* Exercise details:
No pictures, no extra lines: copy exactly from the line with "An aerial image. It shows: Railway crossing." through the end of the entries.

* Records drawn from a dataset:
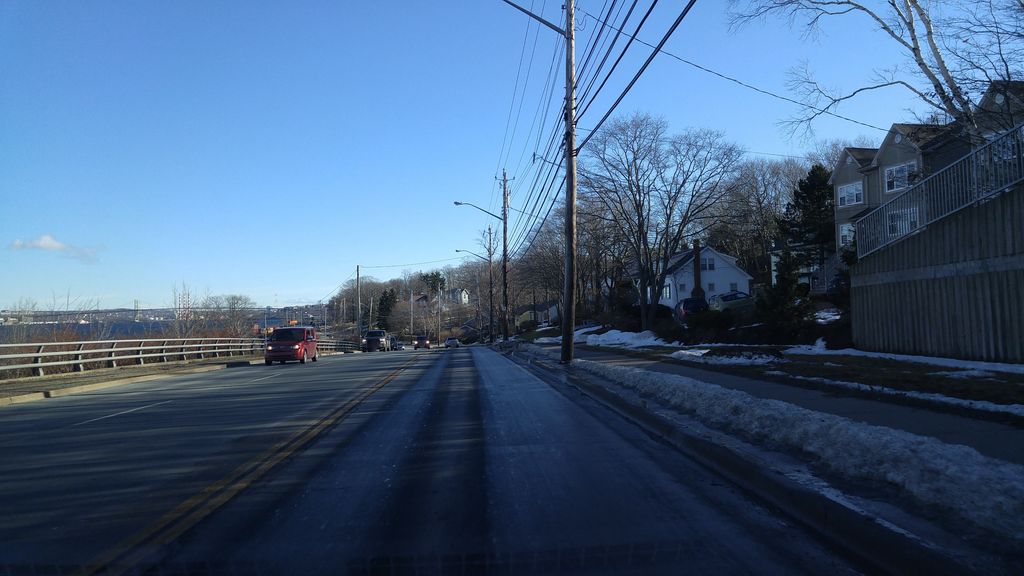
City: halifax
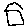
Label: house
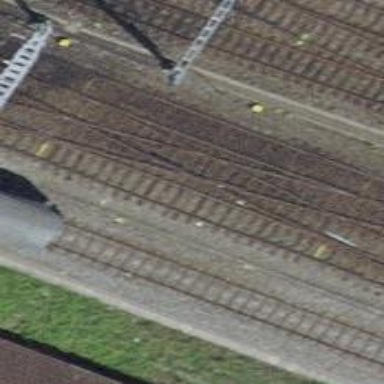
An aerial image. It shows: Railway crossing.
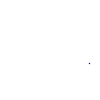
Particle: kaon
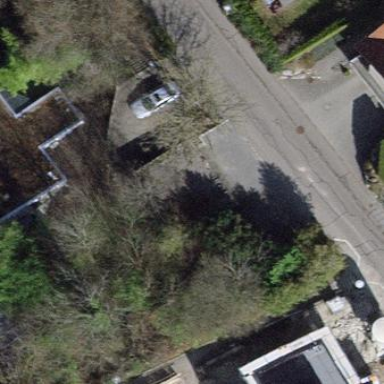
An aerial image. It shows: Group of garages.
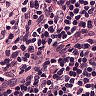
Metastatic tissue present: no
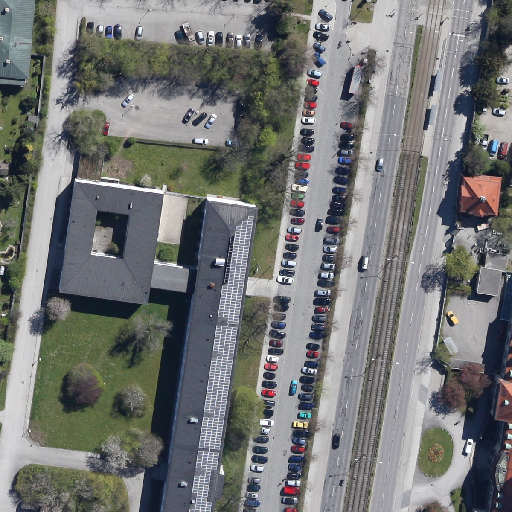
Referring expression: vehicle
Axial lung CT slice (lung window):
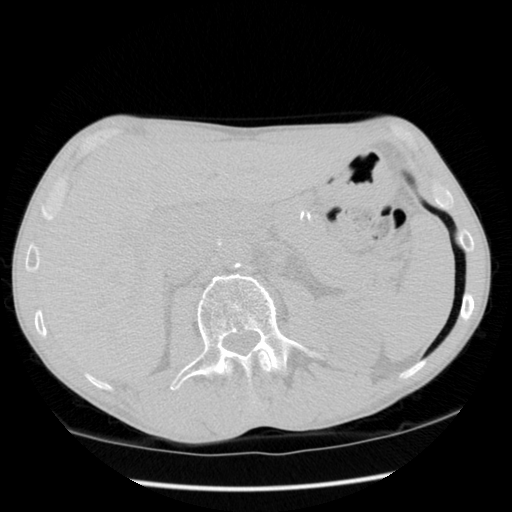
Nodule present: no
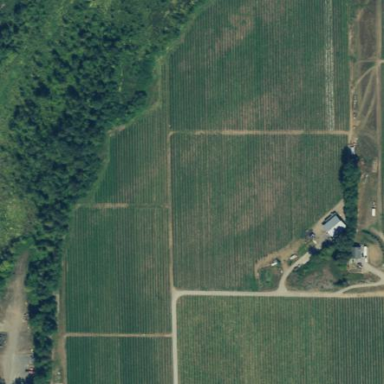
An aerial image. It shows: Farmland with blueberry crops.

* Answer to this problem:
An aerial image. It shows: Railway crossing.
Particle: kaon
An aerial image. It shows: Group of garages.
Metastatic tissue present: no
Referring expression: vehicle
Axial lung CT slice (lung window):
Nodule present: no
An aerial image. It shows: Farmland with blueberry crops.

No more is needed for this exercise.